大判例

20世紀の現憲法下の裁判例を掲載しています。

東京地方裁判所 昭和39年(ワ)7153号 判決 1966年2月22日

原告

片根智子

原告

片根政弘

右法定代理人親権者

片根智子

右両名訴訟代理人

政田孝朗

被告

双美交通株式会社

右代表取締役

望月登

右訴訟代理人

衛藤恒彦

主文

被告は、原告片根智子に対し金二、八三三、三三三円、原告片根政弘に対し金四、九六六、六六八円、および右各金員に対する昭和三九年一月三一日から支払ずみまで年五分の割合による金員を支払え。

原告らのその余の請求を各棄却する。

訴訟費用はこれを五分し、その一を原告らの連帯負担とし、その余を被告の負担とする。

この判決は原告ら勝訴の部分にかぎり仮に執行することができる。

事実

原告ら訴訟代理人は「被告は、原告片根智子に対して金三、五四八、一三九円、原告片根政弘に対して金六、三九六、二七七円、および右各金員に対する昭和三九年一月三一日から支払ずみまで年五分の割合による金員を支払え。訴訟費用は被告の負担とする。」との判決並びに請求の趣旨第一項について仮執行の宣言を求め、請求の原因として次のとおり述べた。

「一、昭和三九年一月三〇日午後七時四一分頃、東京都文京区駒込曙町一一番地先都電通りにおいて、訴外高塚留が運転して進行する事業用普通乗用自動車(登録番号足5あ四、一二一号、以下被告車という)が右道路を横断中の訴外片根政治に衝突し、そのため政治は頭部打撲および脳挫傷の傷害を受け、同年二月一一日右傷害により死亡した。

二、被告は乗客の運送を主たる営業とするタクシー会社であつて、当時被告車を所有していたものであるところ、前項のとおり、被告車の運行により、政治の生命が侵害されたのであるから、被告は自己のため被告車を運行の用に供した者として自動車損害賠償保障法第三条本文の規定により、原告両名に対し次に述べる損害をそれぞれ賠償すべきである。<中略>」

原告ら訴訟代理人は被告の抗弁に対して次のとおり述べた。

「被告が被告車の運行供用者でなかつたとの主張は争う。訴外高塚留は被告の被用運転手である吉田正夫の了解を得て右吉田の代りに被告車を使用して旅客運送をしたものであり、さらに高塚は被告車による旅客運送によつて得た売上金を吉田に交付し、吉田は右売上金を被告に交付していたもので、被告は高塚の被告車の運行によつて営業収益を挙げていたものである。以上のとおり、高塚の被告車の運転は被告の被告車に対する支配力を排除してなされたものではなく、被告は被告車の運行による利益の帰属者たる地位を失つたわけでもないので、被告高塚の本件運転は被告のためになされたものというべきである。」

被告訴訟代理人は「原告らの請求を棄却する。訴訟使用は原告らの負担とする。」との判決を求め、答弁並びに抗弁として次のとおり述べた。

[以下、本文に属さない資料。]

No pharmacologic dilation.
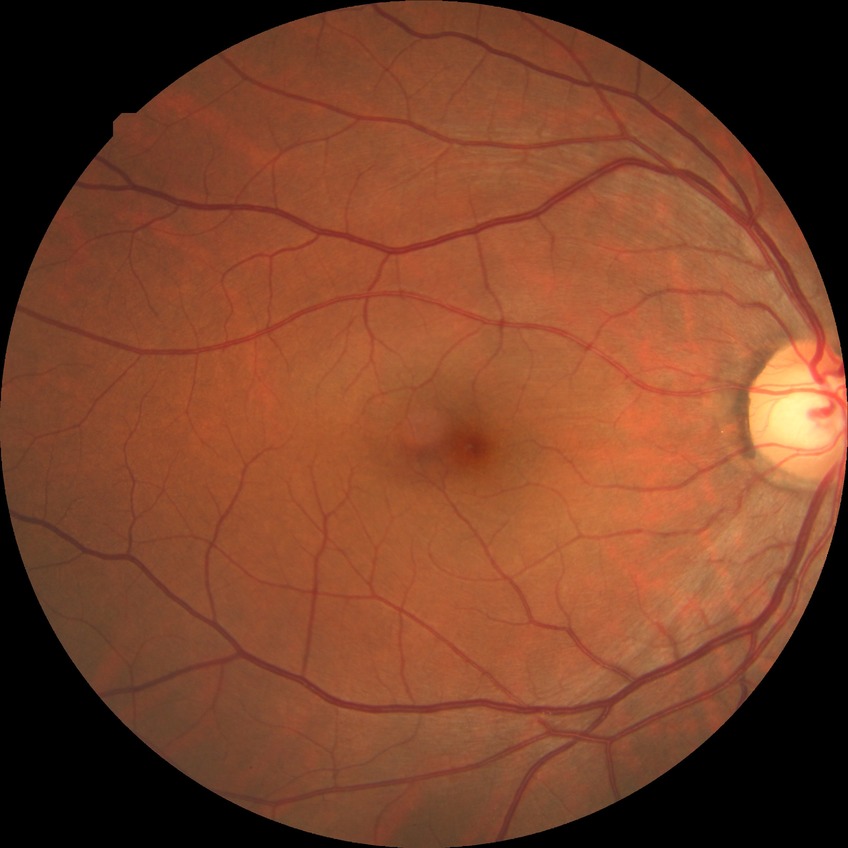

Assessment:
* diabetic retinopathy stage — no diabetic retinopathy

「一、請求原因第一項の事実(本件事故の発生と政治の死亡)、および第二項の事実中被告がタクシー会社であり、被告車を所有していたことは認める。被告が事故当時被告車の運行供用者であつたとのことは争う。<中略>

二、(抗弁一、被告が本件事故当時被告車の運行供用者でなかつたとの主張)

被告は本件事故当時被告の被用運転手である訴外吉田正夫に対し、被告車の使用を委ね、タクシー業務に従事させていたが、吉田正夫は被告の了解をうることなく、ほしいままに高塚留に被告車を貸与し、同人をして、タクシーの業務に従事させていたところその運行中本件事故をみるに至つたのである。被告は高塚留とはなんらの関係および面識もなく、同人が被告車を運転していたことも全く知らなかつた。高塚留は吉田のために被告車を運行し、これによつて得た売上金を吉田正夫に交付し、吉田はそのうちから歩合金を高塚に支払つていたのであるが、これらのことも被告として関知していない。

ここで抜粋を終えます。